Postby iambiguous » Fri Jul 24, 2020 4:56 pm

Ottessa Moshfegh

Anyway, I don't trust those people who poke around sad people's minds and tell them how interesting it all is up there. It's not interesting.


Actually, it can be.

I had no big plan to become a curator, no great scheme to work my way up a ladder. I was just trying to pass the time. I thought if I did normal things - held down a job, for example - I could starve off the part of me that hated everything.

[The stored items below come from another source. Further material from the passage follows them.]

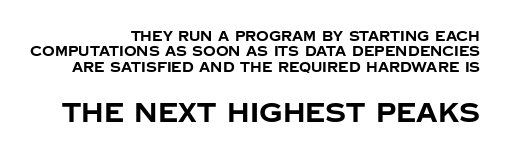
{"italic": "no", "bold": "yes", "underline": "no", "line_spacing": "tight", "line_spacing_ratio": 1.1, "letter_spacing": "normal", "letter_spacing_em": 0.0, "larger_block": "second", "size_ratio": 1.93, "glyph_px": 27}
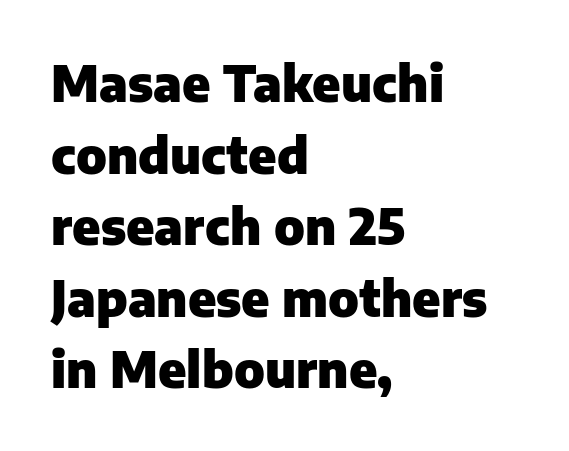
{"serif": "no", "italic": "no", "bold": "yes", "weight": "heavy", "width": "normal", "stroke_contrast": "low", "x_height": "medium", "monospaced": "no", "underline": "no", "align": "left", "line_spacing": "normal", "line_spacing_ratio": 1.46, "letter_spacing": "normal", "letter_spacing_em": 0.0, "glyph_px": 49}
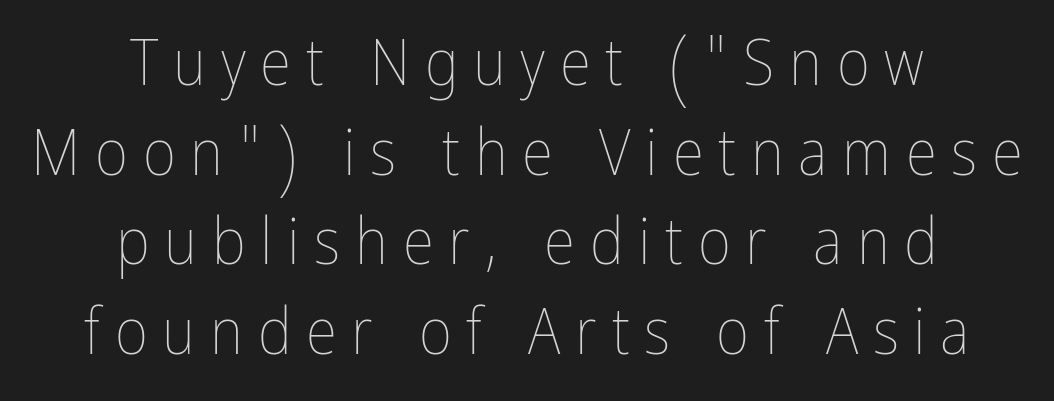
The image shows 64 px thin, condensed type, upright; set centered, normal line spacing (1.4x), unusually wide letter spacing (+0.23 em), not underlined; low stroke contrast and a medium x-height.
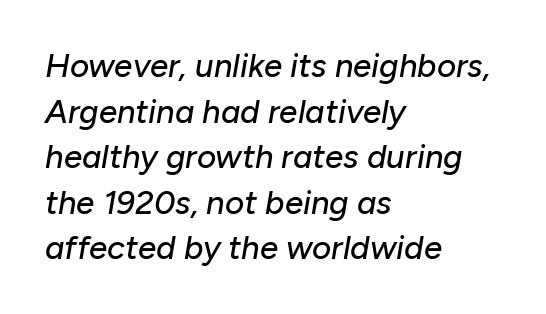
Q: Is the text italic (slanted)? A: Yes, it leans right by about 10 degrees.
Q: Is the text underlined? A: No.
Q: How is the paragraph aligned? A: Left-aligned.
Q: Is the spacing between letters normal or unusually wide? A: Normal.
Q: Is the spacing between lines tight, normal or loose? A: Normal.
Q: Width (condensed, normal, or wide)? A: Normal.
Q: Stroke contrast? A: Low.
Q: x-height? A: Medium.
Q: Monospaced? A: No.

Only one thing for that, right?

Idealism without consequences is the pathetic dream of every spoiled brat, I suppose.

Of Kids, too.

The world was out there still, but I hadn’t looked at it in months. It was too much to consider in all, stretching out, a circular planet covered in creatures and things growing, all of it spinning slowly on an axis created by what — some freak accident? It seemed implausible.

Of course the bills have still got to be paid.

I didn’t like dogs. Not because they scared me—they didn’t—but because their deaths were so much harder to take than people’s.

You get this or you don't.

I felt myself float up and away, higher and higher into the ether until my body was just an anecdote, a symbol, a portrait hanging in another world.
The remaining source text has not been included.